Q3. How are leading zeros handled in LeetCode 402? After building the result string, strip any leading zeros with a while loop. If stripping leaves an empty string, return "0" because the empty case represents zero.

Q4. What is the time complexity of LeetCode 402? O(n) time because each digit is pushed and popped at most once across the entire algorithm. Space complexity is O(n) for the stack.

Q5. Is LeetCode 402 asked in coding interviews? Yes, it is frequently asked at companies like Google, Amazon, and Microsoft. It tests greedy thinking combined with monotonic stack — two patterns that interviewers love because they require genuine insight rather than memorization.

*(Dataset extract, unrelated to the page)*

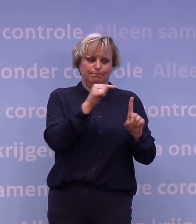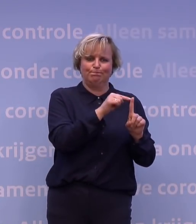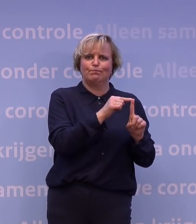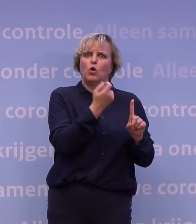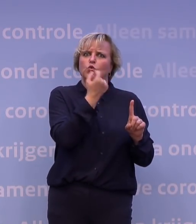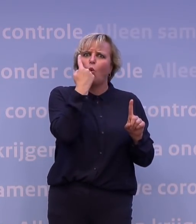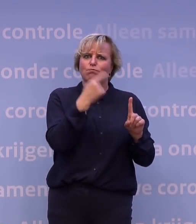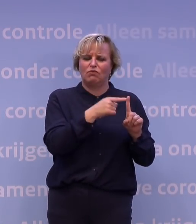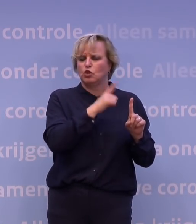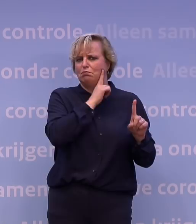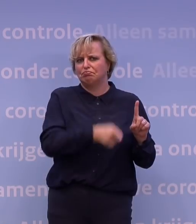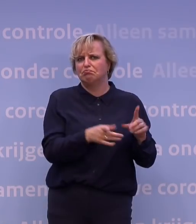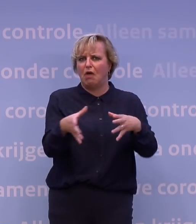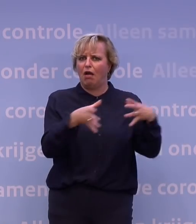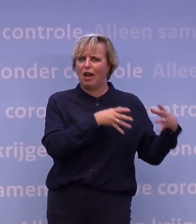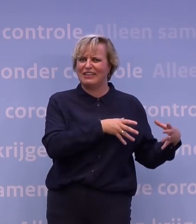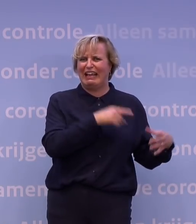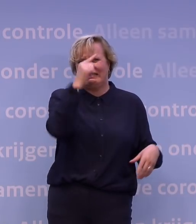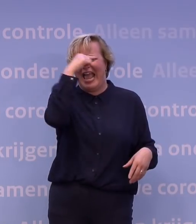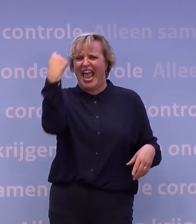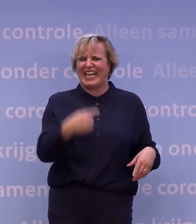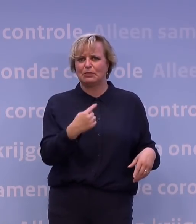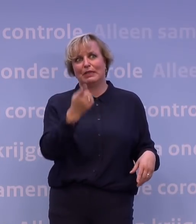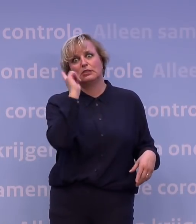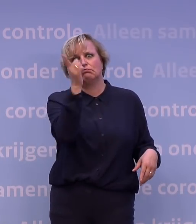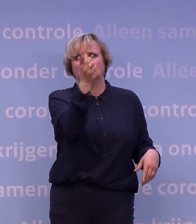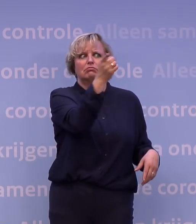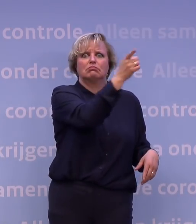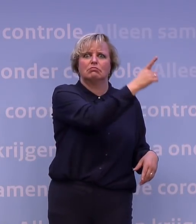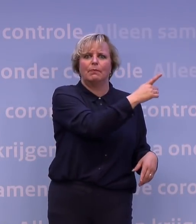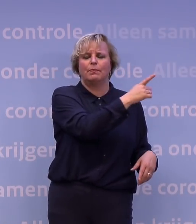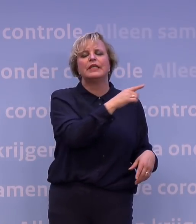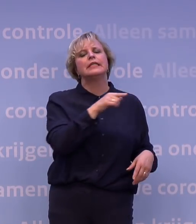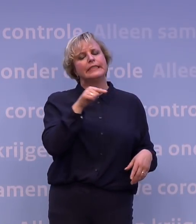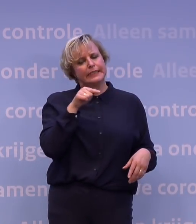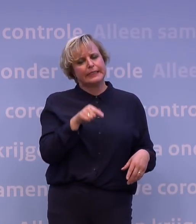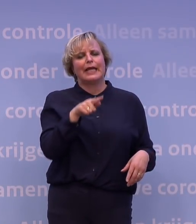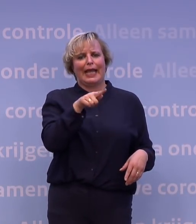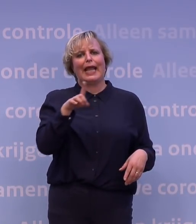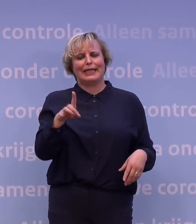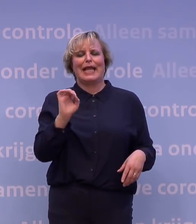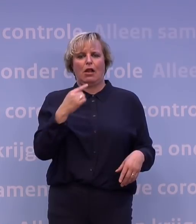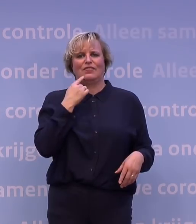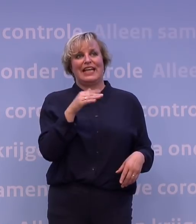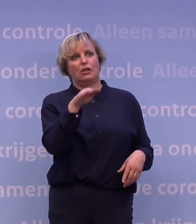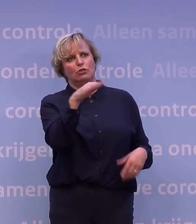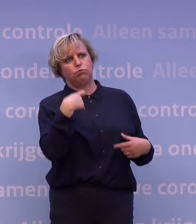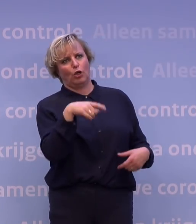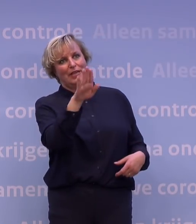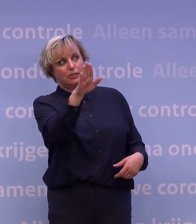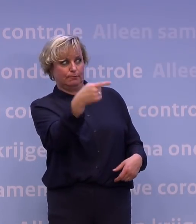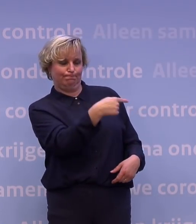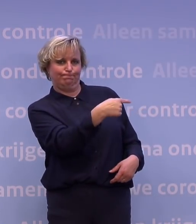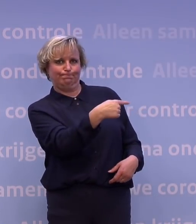de quarantaine-regels negeert, en juist expres grote groepen op zoek, ja, dat is wel het moment waarop de GGD kan zeggen tegen de burgemeester, dit is het moment om die
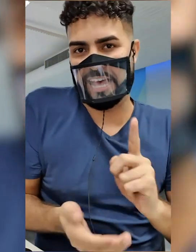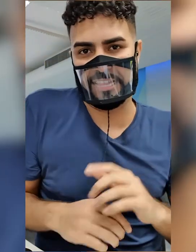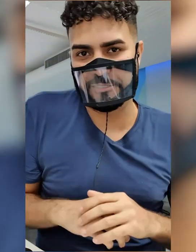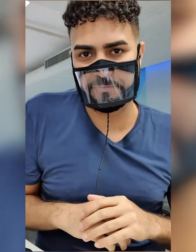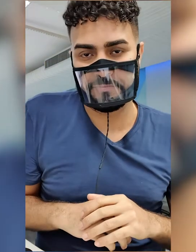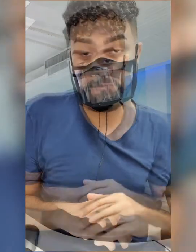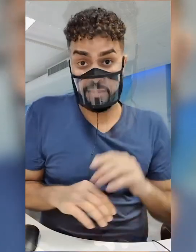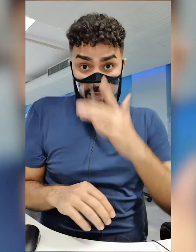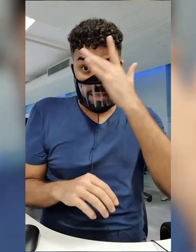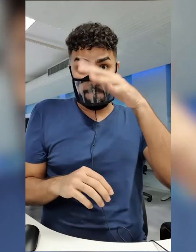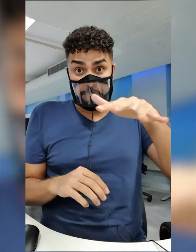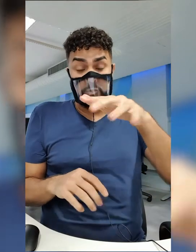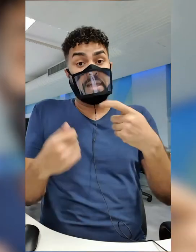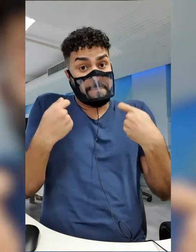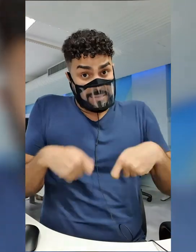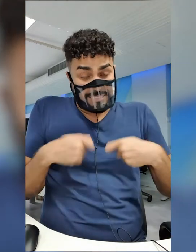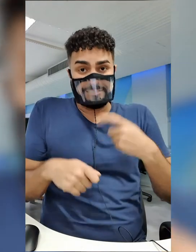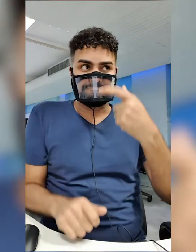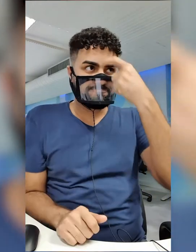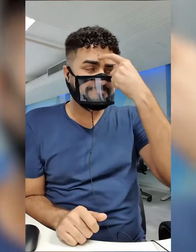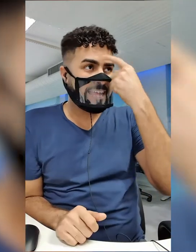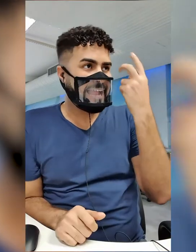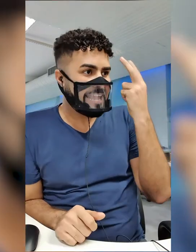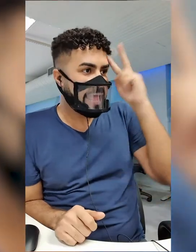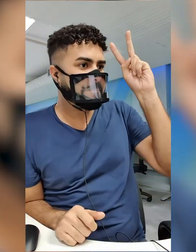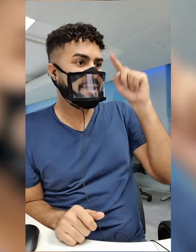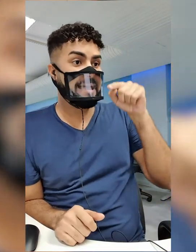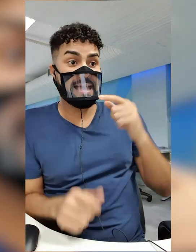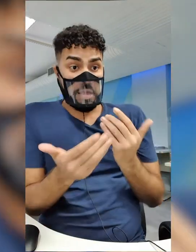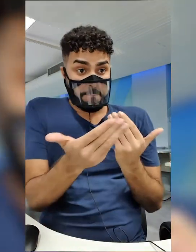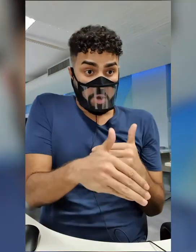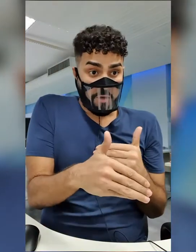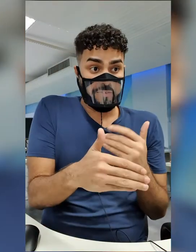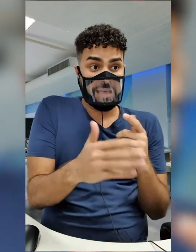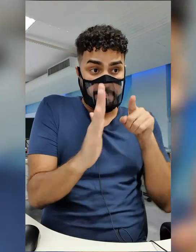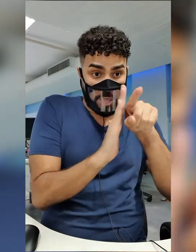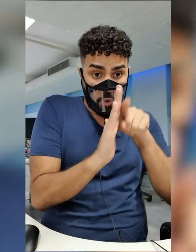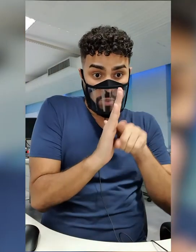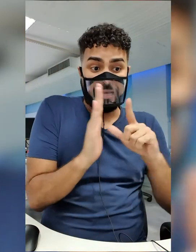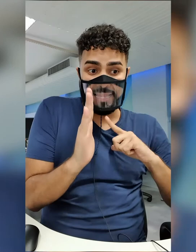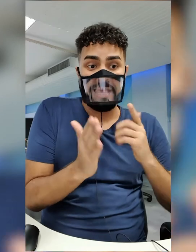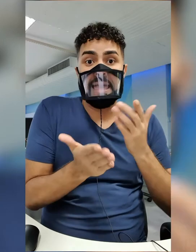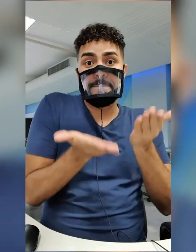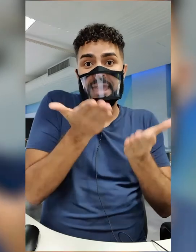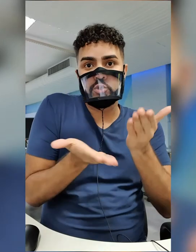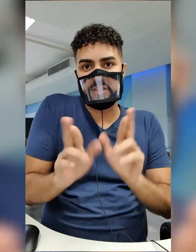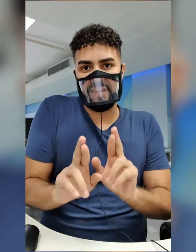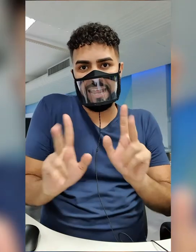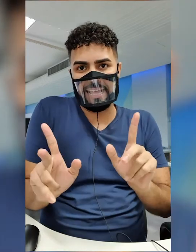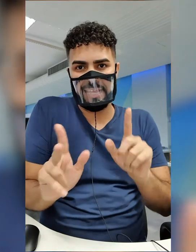O candidato também precisa ter em mente que as questões do Enem têm pesos diferentes. questões mais difíceis

Similar LeetCode Problems to Practice Next

  1. 496. Next Greater Element I — Easy — monotonic decreasing stack
  2. 739. Daily Temperatures — Medium — next greater with distances
  3. 316. Remove Duplicate Letters — Medium — similar greedy stack with constraints
  4. 1081. Smallest Subsequence of Distinct Characters — Medium — same approach as 316
  5. 84. Largest Rectangle in Histogram — Hard — advanced monotonic stack

Conclusion

LeetCode 402 Remove K Digits is a beautiful problem that rewards clear thinking. The greedy insight — always remove a digit when a smaller digit comes after it — naturally leads to the monotonic stack solution. The three edge cases (remaining k, leading zeros, empty result) are what separate a buggy solution from a clean, accepted one.

Work through all three dry runs carefully. Once you see how the stack stays increasing and how each pop directly corresponds to a greedy removal decision, this pattern will click permanently and carry you through harder stack problems ahead.